Maharashtra State Board Class 7 Maths Solutions Chapter 9 Direct Proportion and Inverse Proportion Practice Set 37
Question 1.
If 7 kg onions cost Rs 140, how much must we pay for 12 kg onions?
Solution:
Let the cost of 12 kg onions be Rs x.
The quantity of onions and their cost are in direct proportion.
∴ \(\frac{7}{140}=\frac{12}{x}\)
∴ 7x = 12 × 140 ….(Multiplying both sides by 140x)

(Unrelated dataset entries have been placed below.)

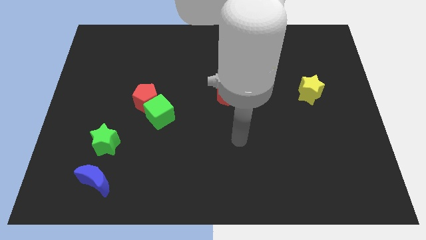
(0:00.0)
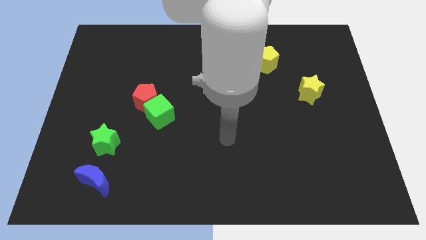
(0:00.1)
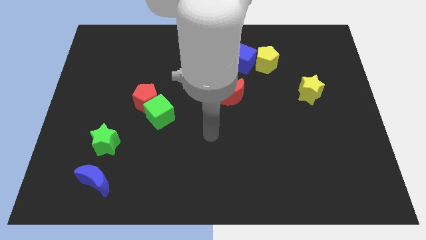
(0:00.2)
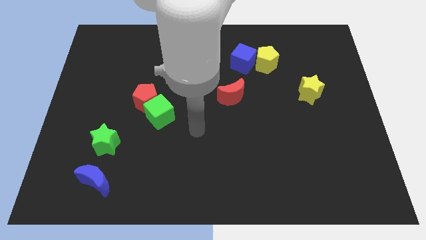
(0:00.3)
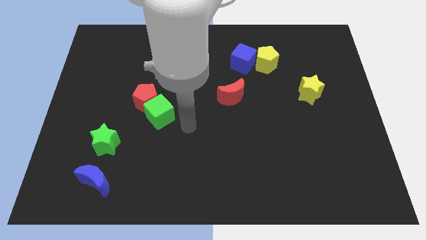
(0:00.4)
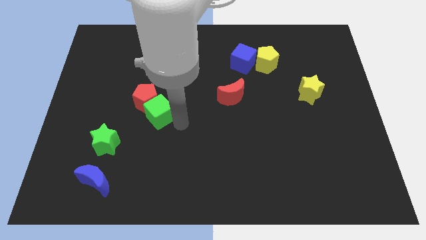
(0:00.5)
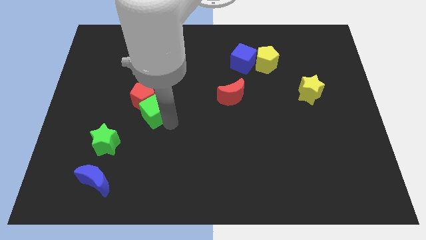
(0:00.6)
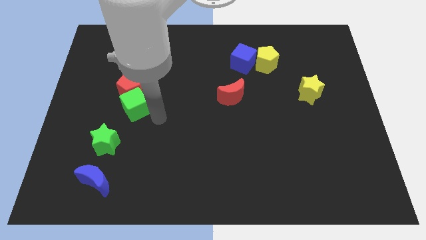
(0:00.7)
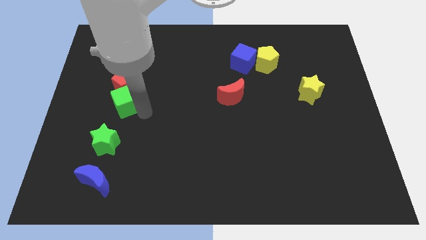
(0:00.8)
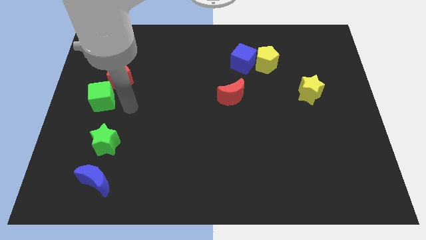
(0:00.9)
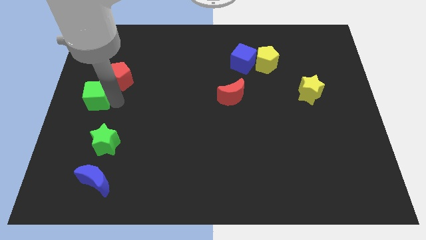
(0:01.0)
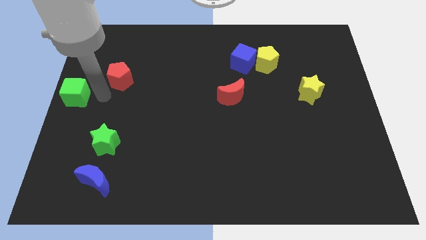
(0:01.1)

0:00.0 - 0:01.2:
pull the red pentagon apart from the green cube

∴ x = \(\frac { 12\times 140 }{ 7 }\)
= 240
We must pay Rs 240 for 12 kg onions.
Question 2.
If Rs 600 buy 15 bunches of feed, how many will Rs 1280 buy?
Solution:
Let the bunches of feed bought for Rs 1280 be x.
The quantity of feed bought and their cost are in direct proportion.

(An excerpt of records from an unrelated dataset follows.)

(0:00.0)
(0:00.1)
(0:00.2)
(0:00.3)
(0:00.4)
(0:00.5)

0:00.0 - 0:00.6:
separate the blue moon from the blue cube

∴ \(\frac{600}{15}=\frac{1280}{x}\)
∴ 600x = 1280 × 15 …. (Multiplying both sides by 15x)
∴ \(x=\frac{1280 \times 15}{600}=32\)
∴ 32 bunches of feed can be bought for Rs 1280.
Question 3.
For 9 cows, 13 kg 500 g of food supplement are required every day. In the same proportion, how much will be needed for 12 cows?
Solution:
Let the food supplement required for 12 cows be x kg.
The quantity of food supplement required and the number of cows are in direct proportion.

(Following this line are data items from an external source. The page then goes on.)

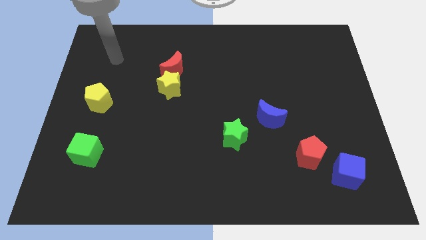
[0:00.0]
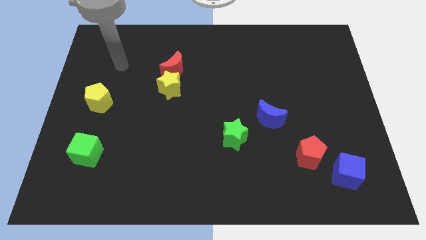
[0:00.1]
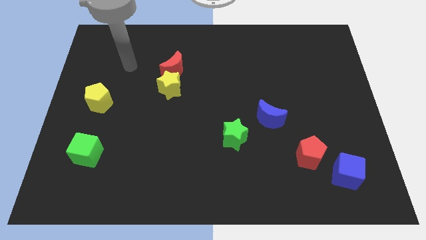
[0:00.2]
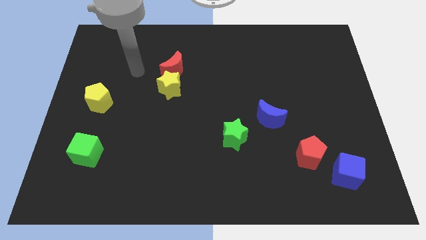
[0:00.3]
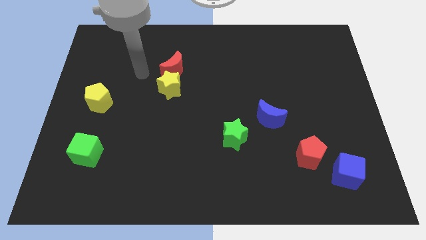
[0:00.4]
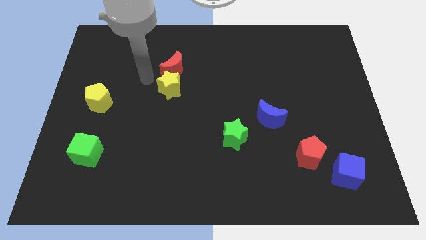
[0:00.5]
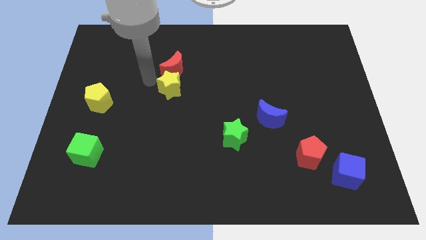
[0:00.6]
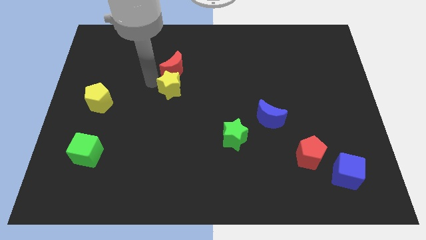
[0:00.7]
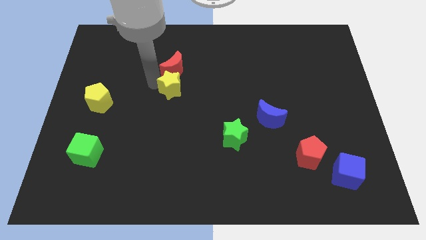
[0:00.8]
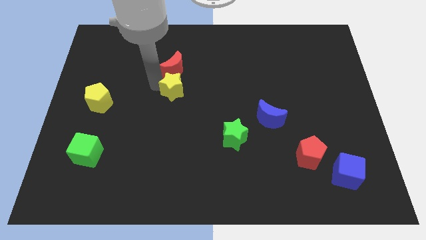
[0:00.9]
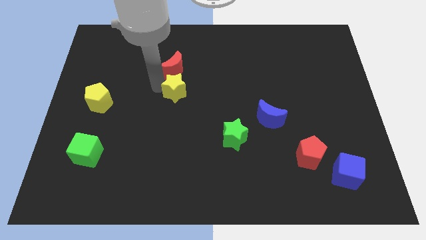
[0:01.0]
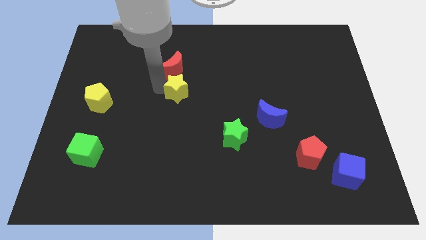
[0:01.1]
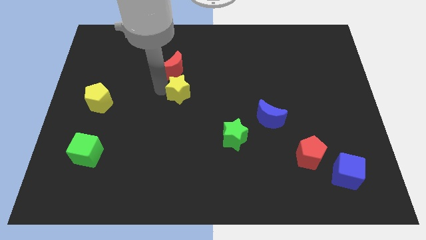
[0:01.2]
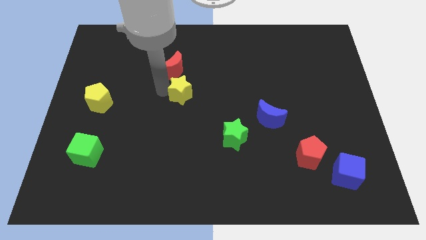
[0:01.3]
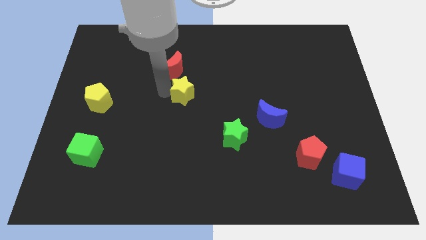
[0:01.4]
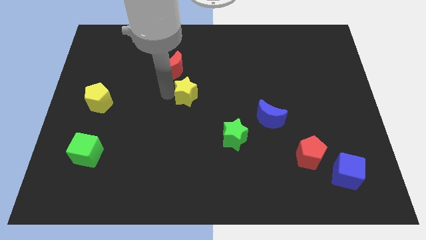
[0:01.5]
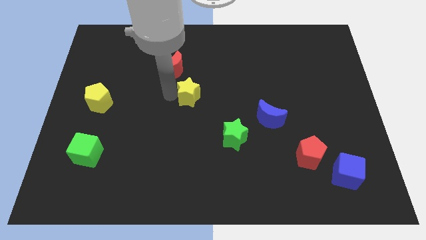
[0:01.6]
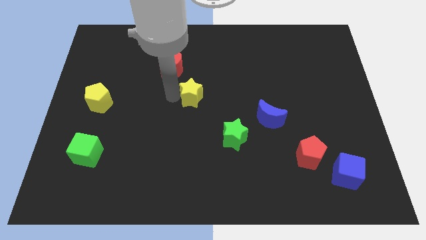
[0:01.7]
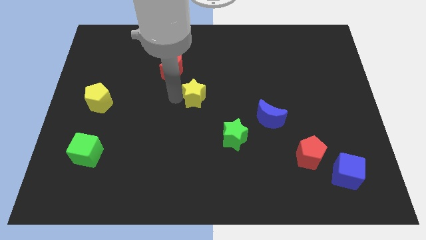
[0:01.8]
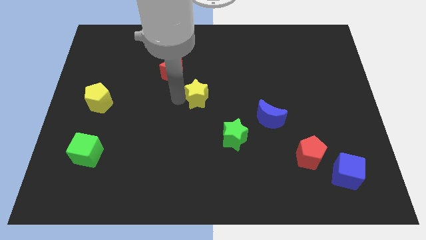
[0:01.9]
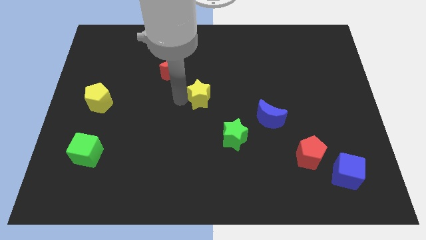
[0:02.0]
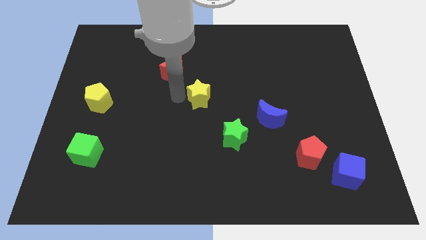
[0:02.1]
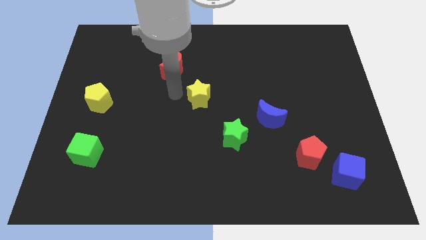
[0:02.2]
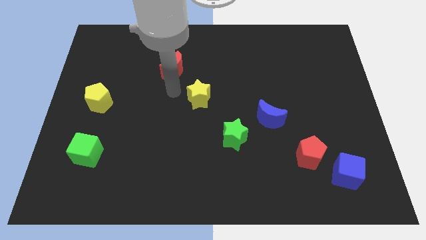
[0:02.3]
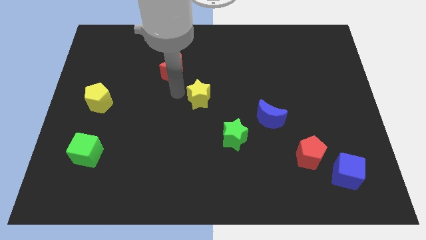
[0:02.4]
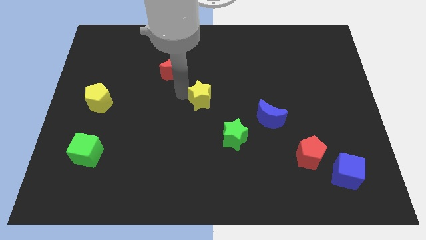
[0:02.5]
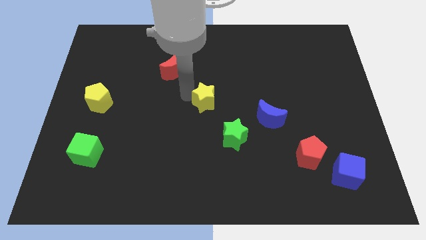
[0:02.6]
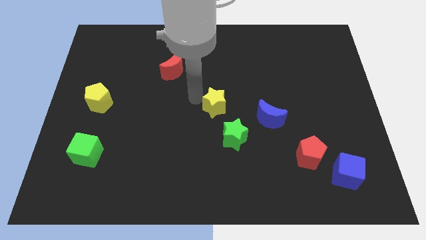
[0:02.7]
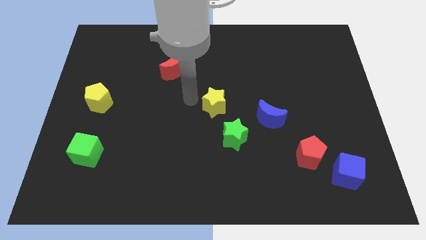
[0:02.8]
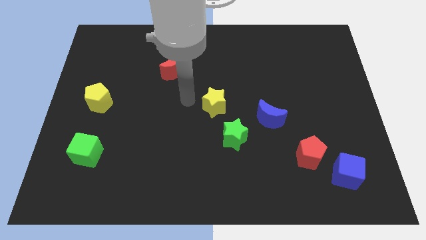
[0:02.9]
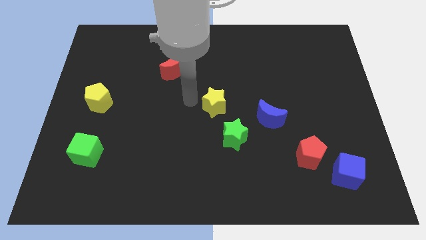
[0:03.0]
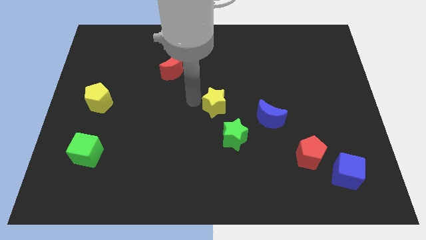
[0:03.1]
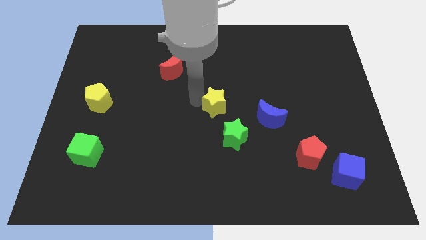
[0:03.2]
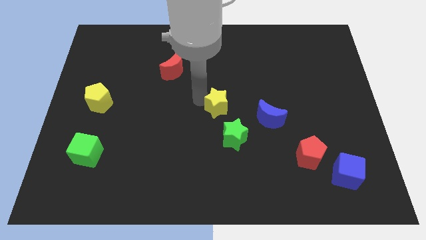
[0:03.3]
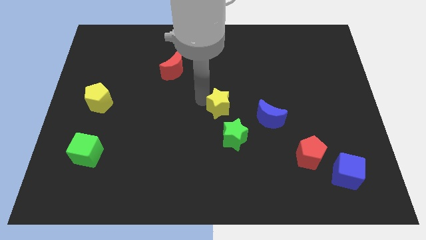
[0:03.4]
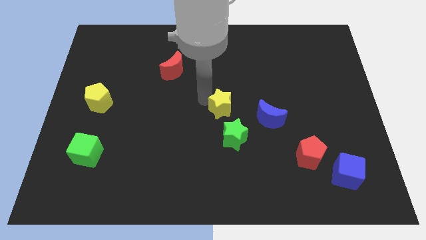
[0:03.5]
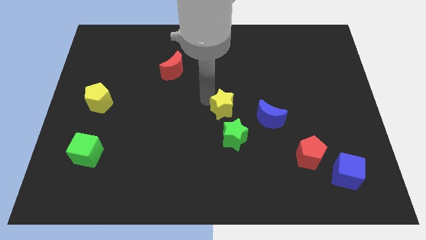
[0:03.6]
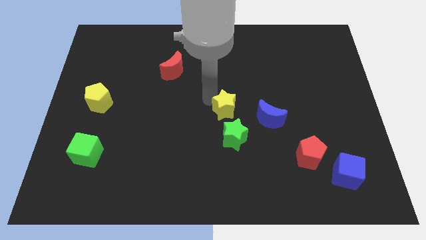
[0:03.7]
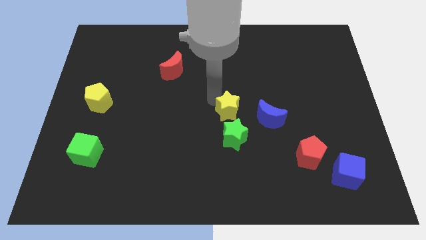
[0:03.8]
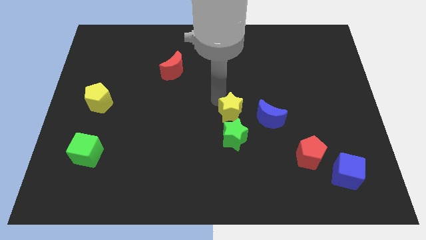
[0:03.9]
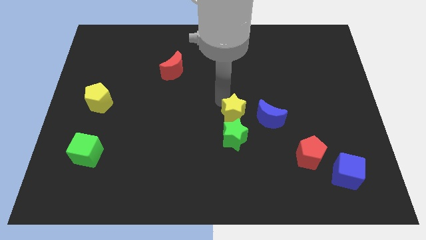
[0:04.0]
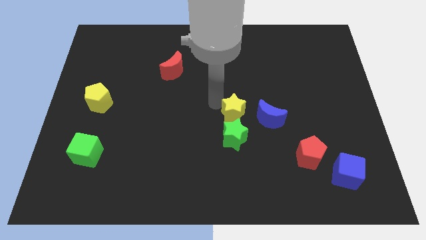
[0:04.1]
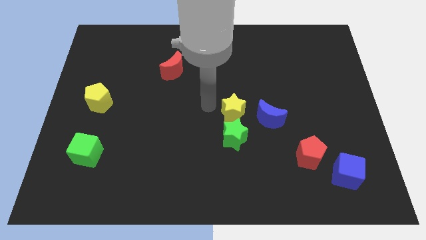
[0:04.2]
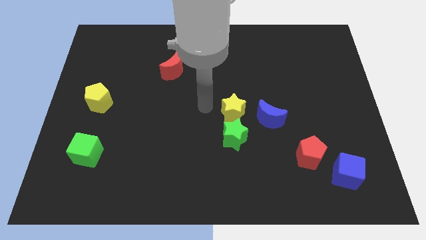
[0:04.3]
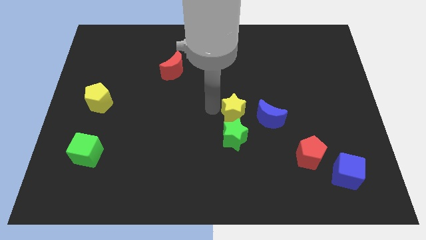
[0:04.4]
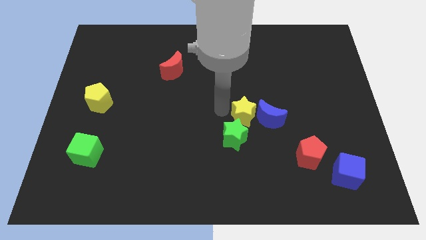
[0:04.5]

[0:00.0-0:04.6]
push the yellow star close to the blue moon

∴ \(\frac{13 \mathrm{kg} 500 \mathrm{gram}}{9}=\frac{x \mathrm{kg}}{12}\)
∴ \(\frac{13.5}{9}=\frac{x}{12}\) ….(13 kg 500 gram = 13.5 kg)
∴ 13.5 × 12 = 9x ….(Multiplying both sides by 9 x 12)
∴ \(\frac{13.5 \times 12}{9}=x\)
∴ x = 18
∴ The food supplement required for 12 cows is 18 kg.
Question 4.
The cost of 12 quintals of soyabean is Rs 36,000. How much will 8 quintals cost?
Solution:
Let the cost of 8 quintals of soyabean be Rs x.
The quantity of soyabeans and their cost are in direct proportion.
∴ \(\frac{12}{36000}=\frac{8}{x}\)
∴ 12x = 8 × 36000 ….(Multiplying both sides by 36000x)
∴ \(x=\frac{8 \times 36000}{12}=24000\)
∴ The cost of 8 quintals of soyabean is Rs 24000.
Question 5.
Two mobiles cost Rs 16,000. How much money will be required to buy 13 such mobiles ?
Solution:
Let the cost of 13 mobiles be Rs x.
The quantity of mobiles and their cost are in direct proportion.
∴ \(\frac{2}{16000}=\frac{13}{x}\)
∴ 2x = 13 × 16000 ….(Multiplying both sides by 16000x)
∴ \(x=\frac{13 \times 16000}{2}=104000\)
∴ Rs 104000 will be required to buy 13 mobiles.